Cause both are impractical. Using a minutes-long RAMpage attack to root an already compromised device is impractical. There are easier ways to do that. And it's easier to update Chrome than the Android OS, for Drammer, so that's been mitigated ages ago. Nobody uses a three-year-old Chrome on Android. Get real ... and spare me the comment about how some users don't update apps, cause they do, Google makes sure to spam users about it daily.
To be fair, it's as easy to turn off the daily notices as it is to turn off the automatic updates. And, as updates seem to break various things at least as often as they improve things it's nothing unusual about users turning off one or both of the features.
(Note that I'm not commenting on the attack vector at all, only about the Android update settings)
If you have read the article you would have known that Dan took a very measured approach and didn't over-hype anything. The headline might have led you into reaching your conclusion, and I don't blame you.
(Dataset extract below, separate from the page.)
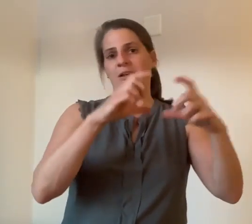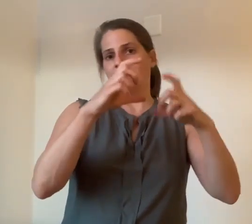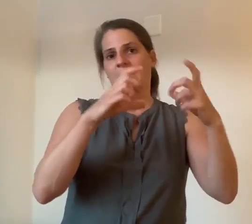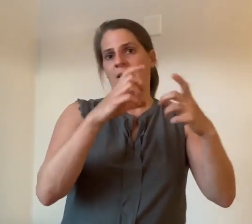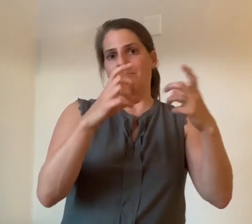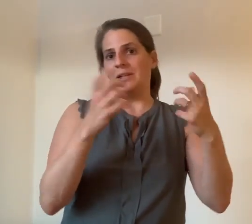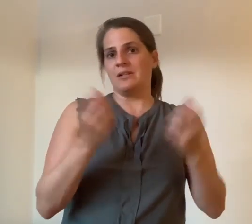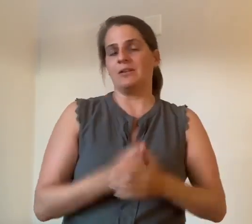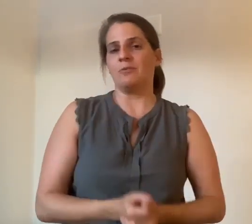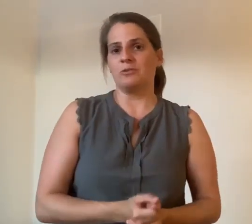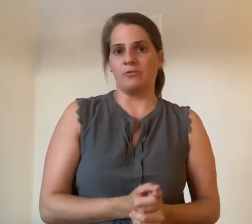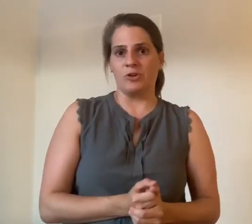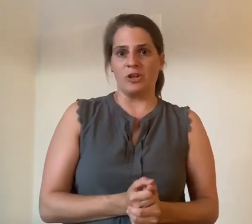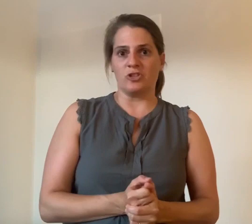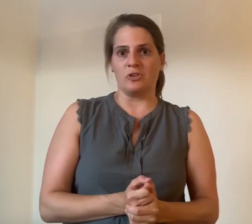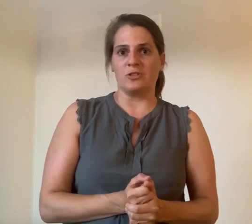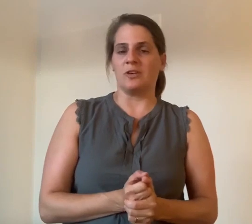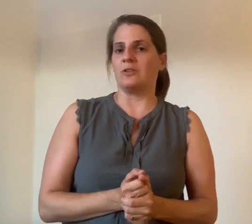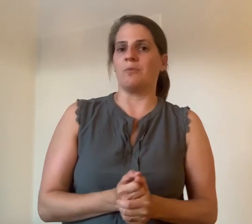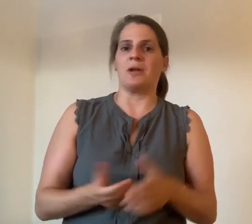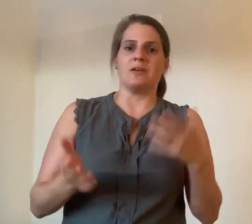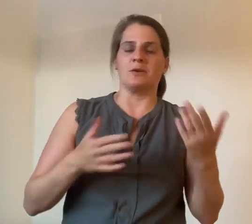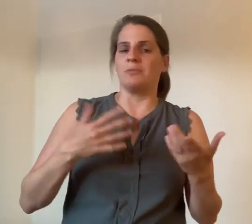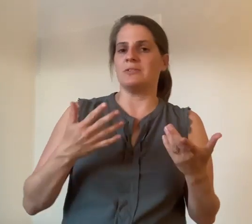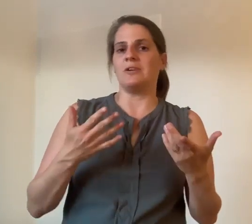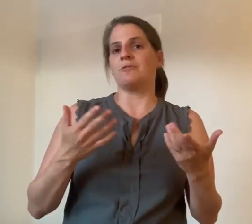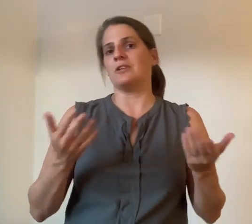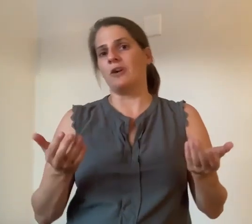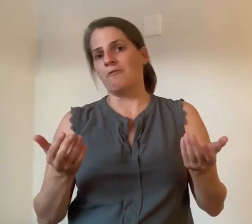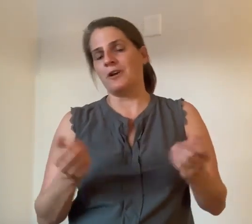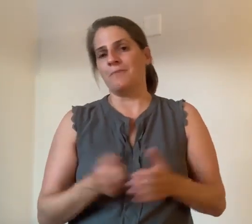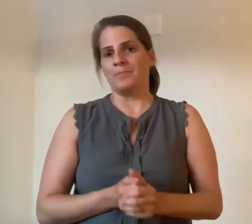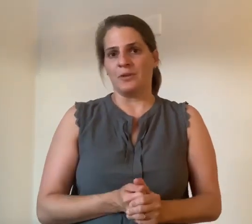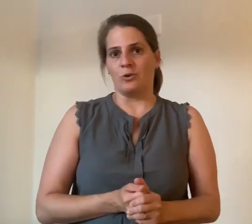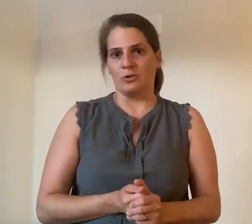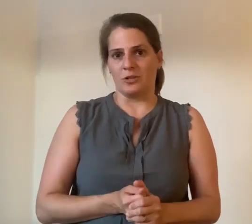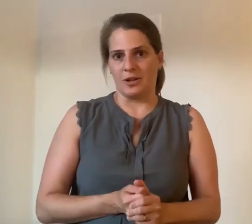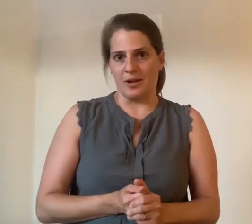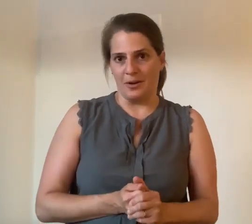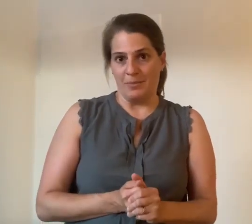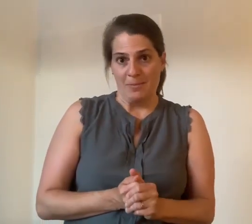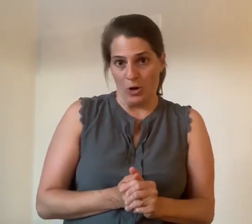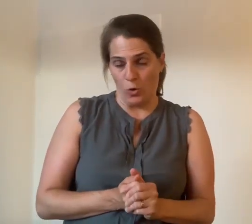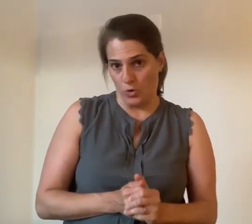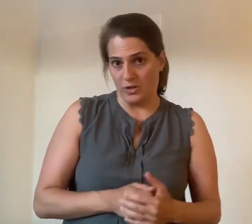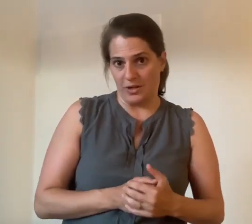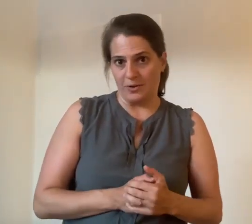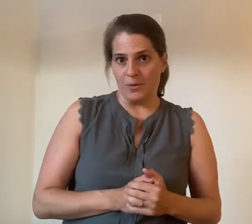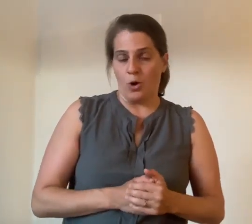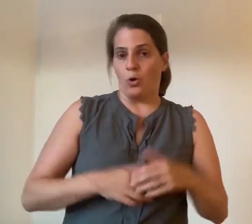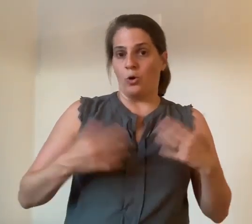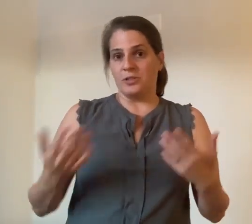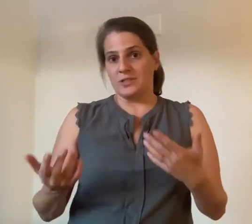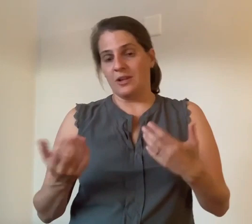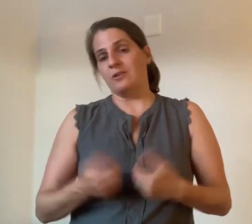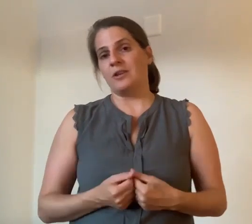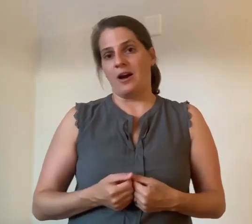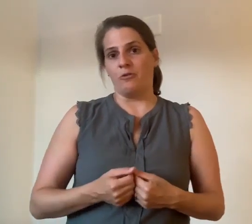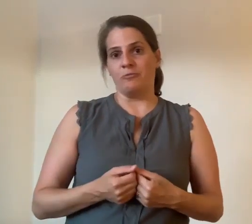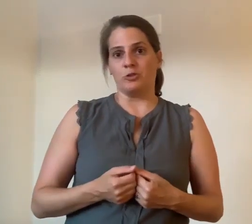Bilder, zur Verfügung stehen. Sie können aber auch zusammen auf einer Tafel oder in einem Ordner ziehen. Oder Sie können auch auf einem
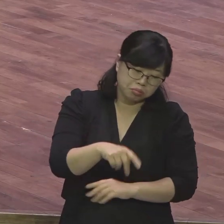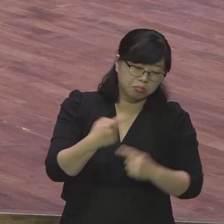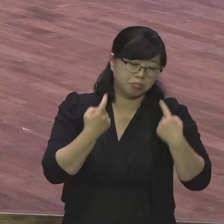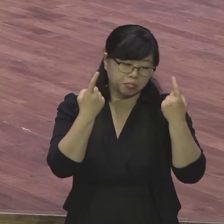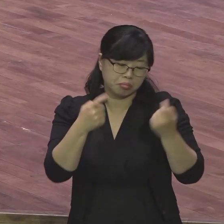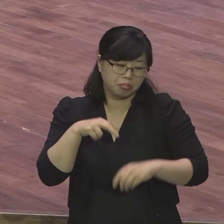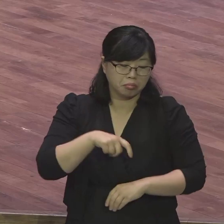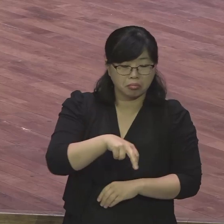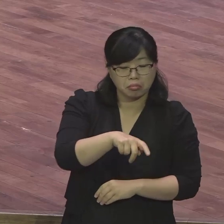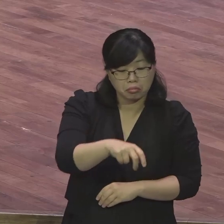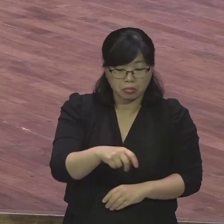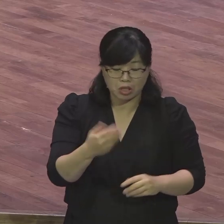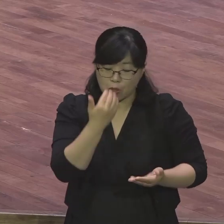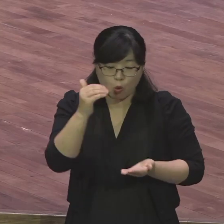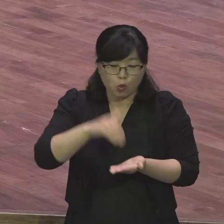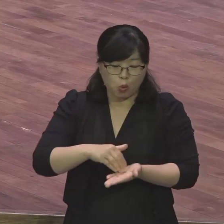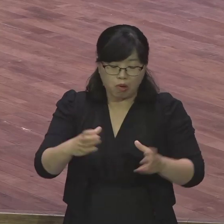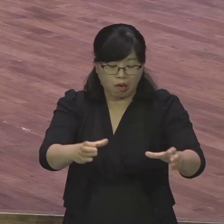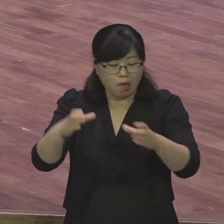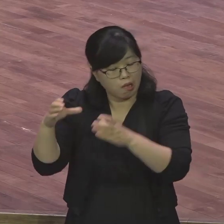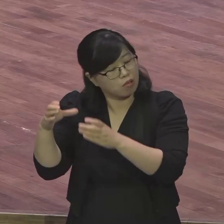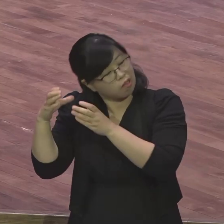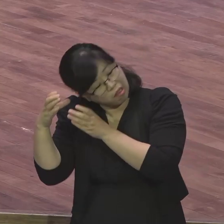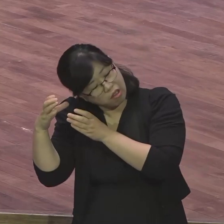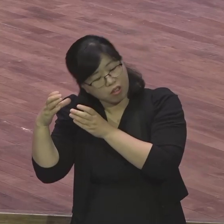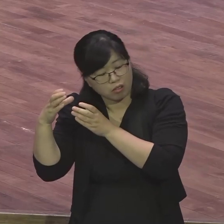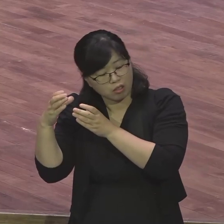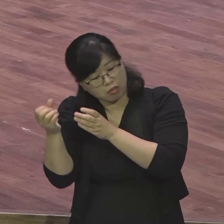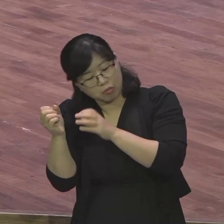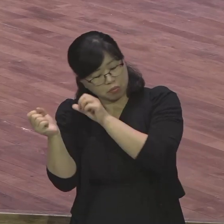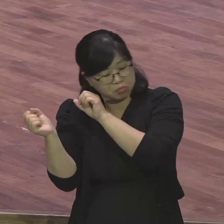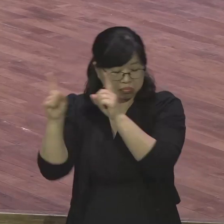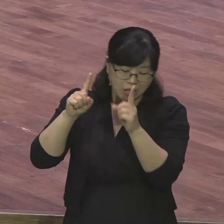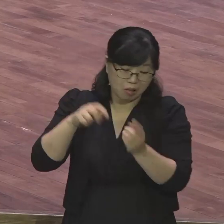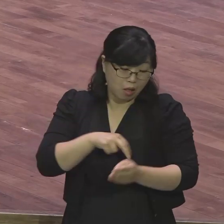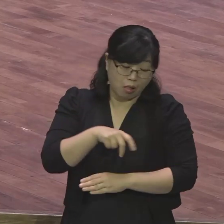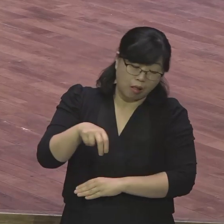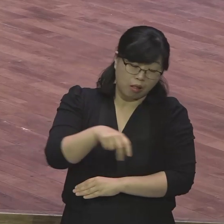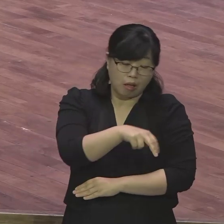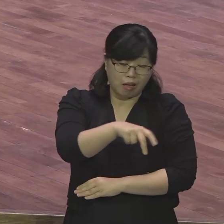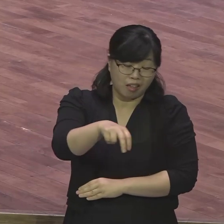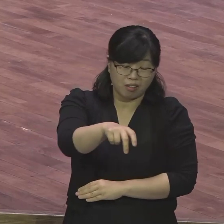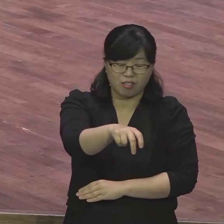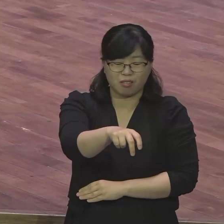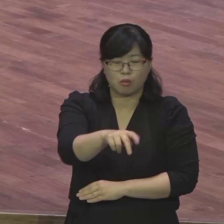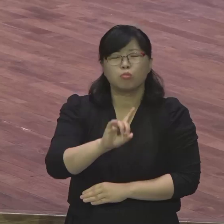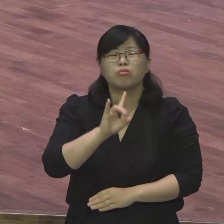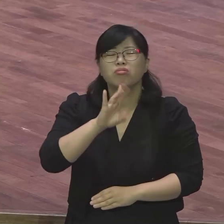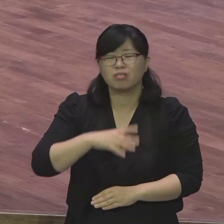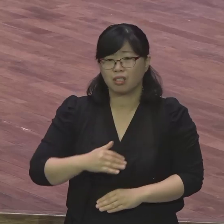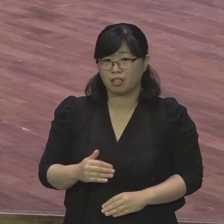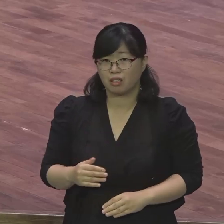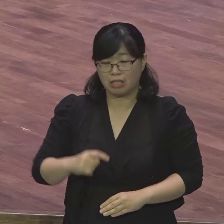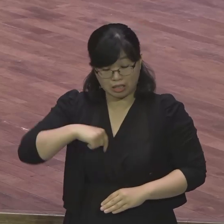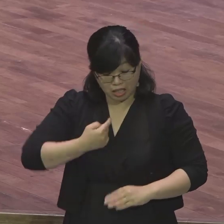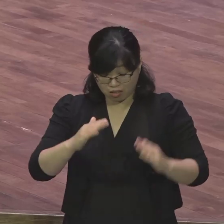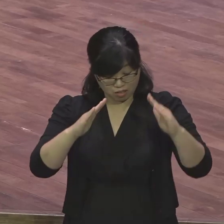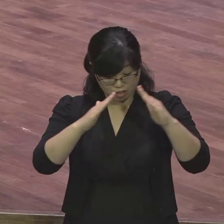예수님 시대에 2000년 전에 이 팔레스타인 이스라엘이 먼지 구덕이오. 신발 없어요. 스레파요.

The manufacturers obviously don't want to, but the only way to stop this stupidity is to reject/return/refuse the product as defective if it shows this vulnerability. There's been a lot of efforts to downplay it, to the point that even some memory testing tools have made the tests for RH optional. This is ridiculous not just from a security standpoint, but overall correctness. Memory that just doesn't behave like memory should, is not fit for purpose.
Unfortunately RAM defects are often very subtle --- I remember a particularly irritating one which happened only when extracting a certain ZIP file; all the memory testing tools said the RAM was fine even with a few days of continuous running, and the file extracted correctly on a handful of other systems, but on this one it would always end up corrupt. Attaching a debugger or otherwise attempting to trace the cause naturally made it disappear. It was only swapping the RAM with a new module that fixed it.